If we're talking about categories, then we should be able to provide definitions of objects and morphisms clearly and independently. I guess I expected this to give denotational semantics of machine learning in an appropriately structured category, and then afterwards we can provide an implementation of these abstractions in Rust; however, this doesn't seem to be the case in this book. Rather, the category theory does seem somewhat stapled on. I wished that this would talk about things like Markov categories (or some other appropriate appropriate semantic domain) and then characterized machine learning algorithms via adjunctions between certain categories, such as in
https://link.springer.com/article/10.1007/s44163-025-00707-w
As it's written, I don't see much of an opportunity for deriving theorems about the implementation from abstract nonsense, which, to me, would be the biggest strength of such a categorical description. This seems to be a simultaneous high-level introduction to Rust, machine learning, and category theory. The writing suffers from this, as the reader doesn't have much of an opportunity here to detangle these ideas from each other or see how one aids in understanding the others. Instead, they are all provide at once, and to an insufficient level of detail (for the amount of skimming that I did).

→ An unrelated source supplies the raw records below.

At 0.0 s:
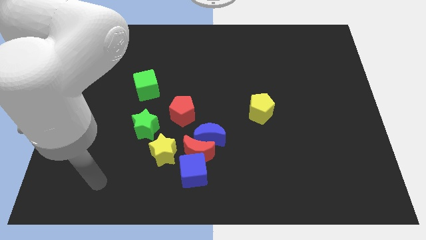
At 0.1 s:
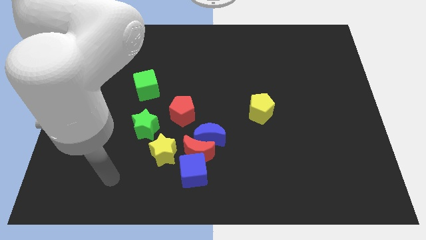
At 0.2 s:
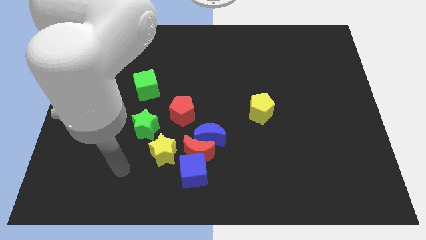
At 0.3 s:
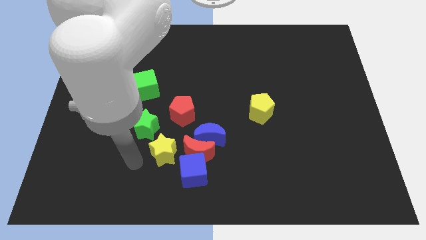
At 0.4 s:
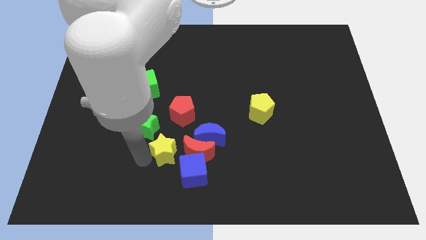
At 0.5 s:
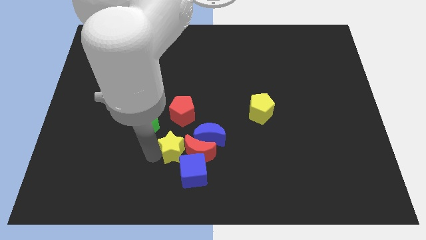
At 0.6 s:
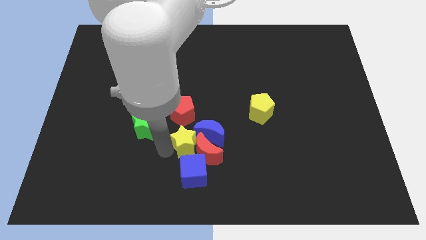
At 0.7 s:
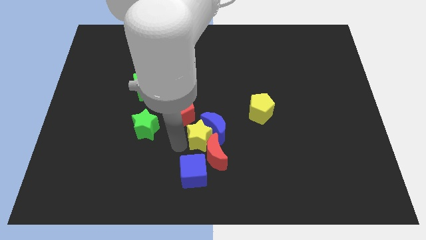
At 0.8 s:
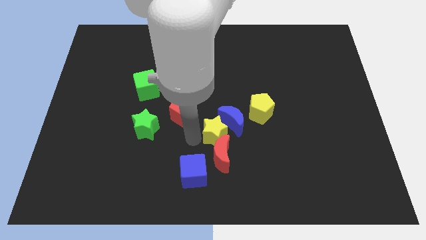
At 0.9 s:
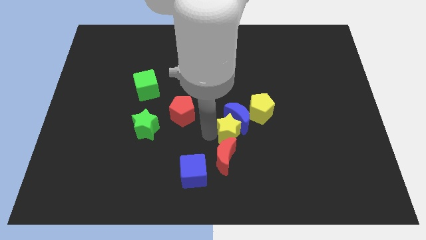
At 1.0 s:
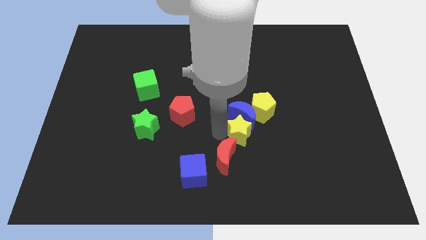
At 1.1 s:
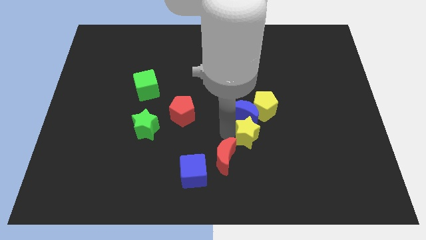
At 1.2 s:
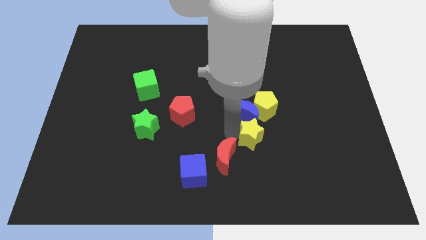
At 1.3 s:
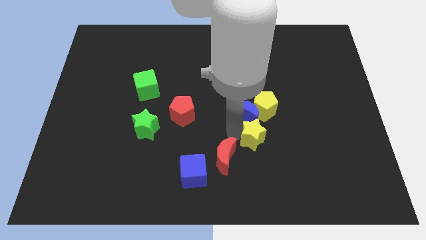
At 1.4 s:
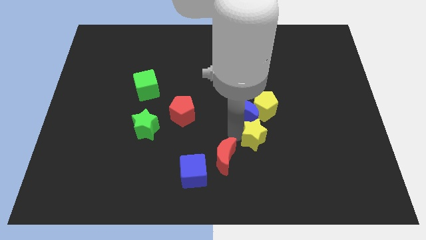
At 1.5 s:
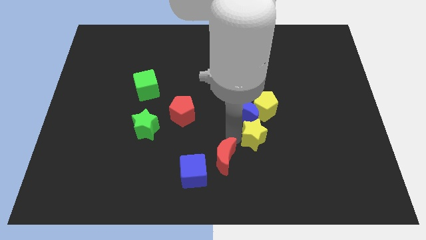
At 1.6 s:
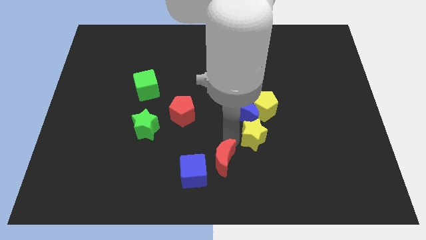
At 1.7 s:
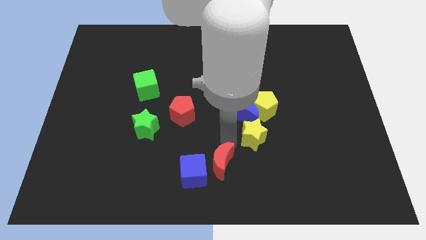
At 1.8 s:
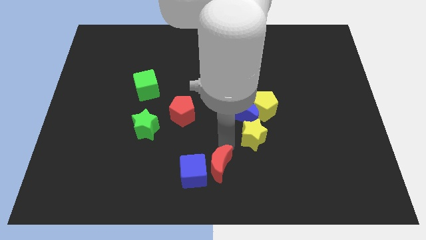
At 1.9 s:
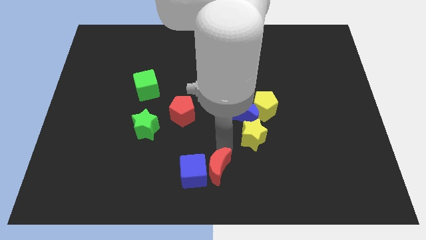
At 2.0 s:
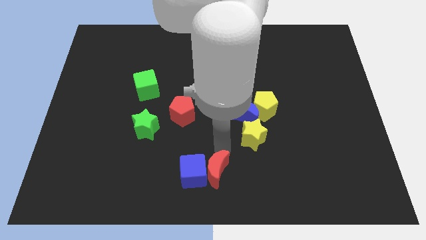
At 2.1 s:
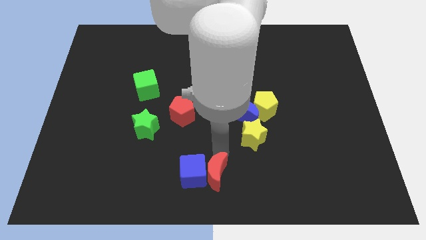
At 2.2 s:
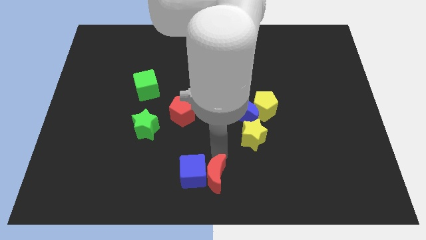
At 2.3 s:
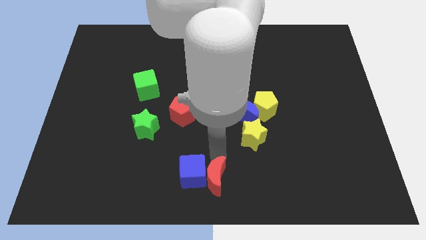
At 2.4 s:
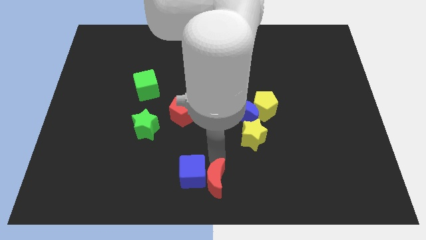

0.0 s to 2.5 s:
pull the red moon apart from the group of blocks

This is not a critque of the work, but I have now been often encountering category theory in many of the research topics I'm working on, and even as somebody who majored in math, I sort of feel like it doesn't add much. I know ML frameworks intimately, and you really don't need category theory to describe them. But this is maybe (probably) a failure of mine, because I have not yet groked what category theory is really bringing to the table.
Category theory isn't usually intended to add things. Often, what category theory brings to the table is connecting different branches of math. (It's a bit similar to abstract algebra in that way, but at a different level.)
For example, the lambda calculus is the base for many useful programming languages. But the lambda calculus maps to a "closed Cartesian category". And many, many other interesting things in math can be mapped to a closed Cartesian category.
So now you can ask, "What if affine or linear logic were a programming language?" And the answer is, "You'd get a language with safe resource management, like Rust." Or you might ask, "What if probability were a programming language?"
Or on a smaller scale, a parameterized collection type with "map" is a functor. Add a single-element constructor and a "flatten" operation, and you have a monad. Functions with parameterized types are often natural transformations. And so on. This can then be directly analogized to constructs in different areas of math. Which might sometimes produce an interesting idea or two.
So category theory isn't always used to add something new and profound. Sometimes it's just a handy way to see something already there.
It helps to not make a cluttered mess of an API. Breaking up the problem space with a few composable functions that can express all that you want to express is a definite win.
Category theory is all about relationships and structural patterns. so its useful when you want to interoperability and composition between systems i.e. invariants under transformations, etc.
Without reading too much into what this framework does, I'd say category theory could be useful for some ML problems (i.e. layer composition, gradient propagation, etc.) - but I'd think it would be more useful as an analytical tool than as actual lib/code structures.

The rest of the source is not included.